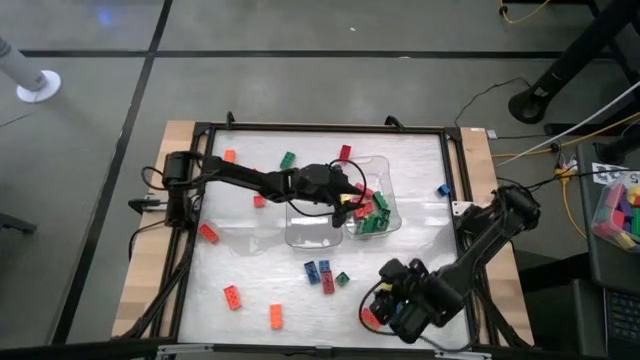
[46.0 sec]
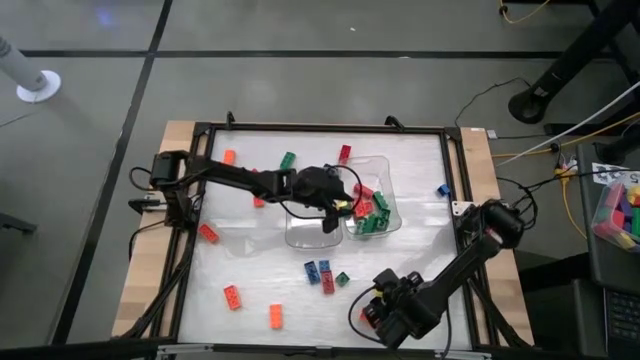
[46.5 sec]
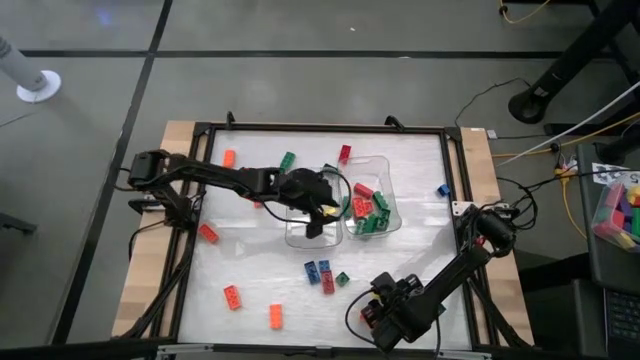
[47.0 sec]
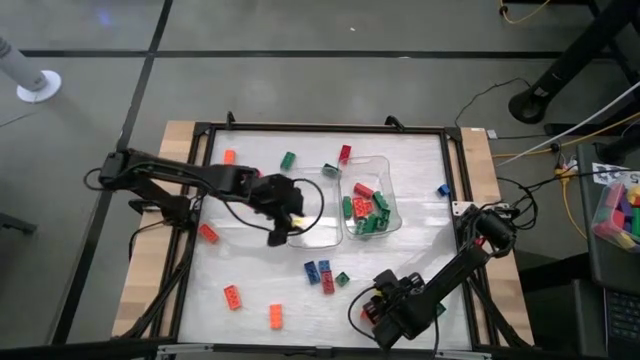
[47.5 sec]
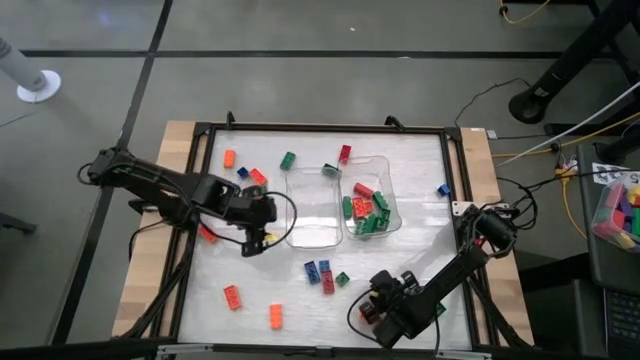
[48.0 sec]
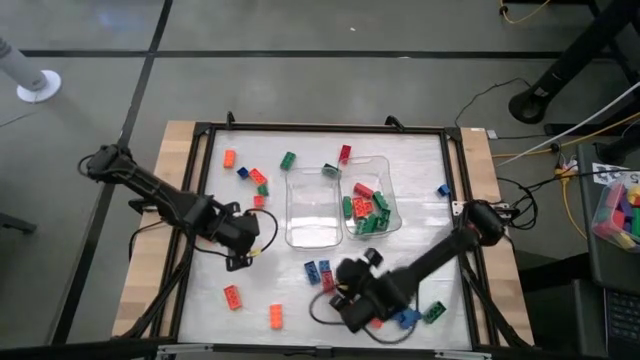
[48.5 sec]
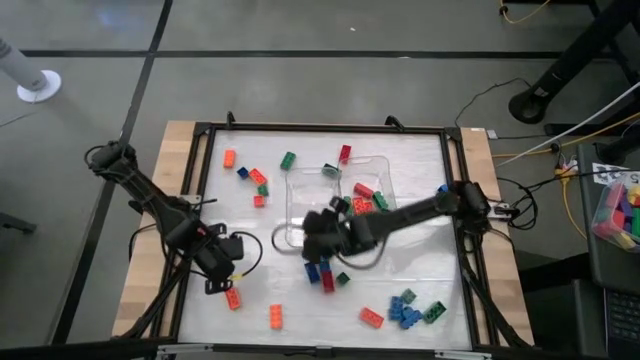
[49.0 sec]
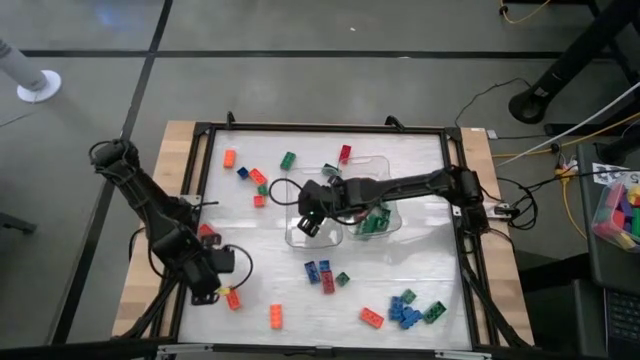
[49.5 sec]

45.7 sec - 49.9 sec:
Put the green square game piece into the left transparent bin
——————————
## Aim of the task
Each line above gets copied exactly; leave the pictures out.

## Exercise response
[46.0 sec]
[46.5 sec]
[47.0 sec]
[47.5 sec]
[48.0 sec]
[48.5 sec]
[49.0 sec]
[49.5 sec]

45.7 sec - 49.9 sec:
Put the green square game piece into the left transparent bin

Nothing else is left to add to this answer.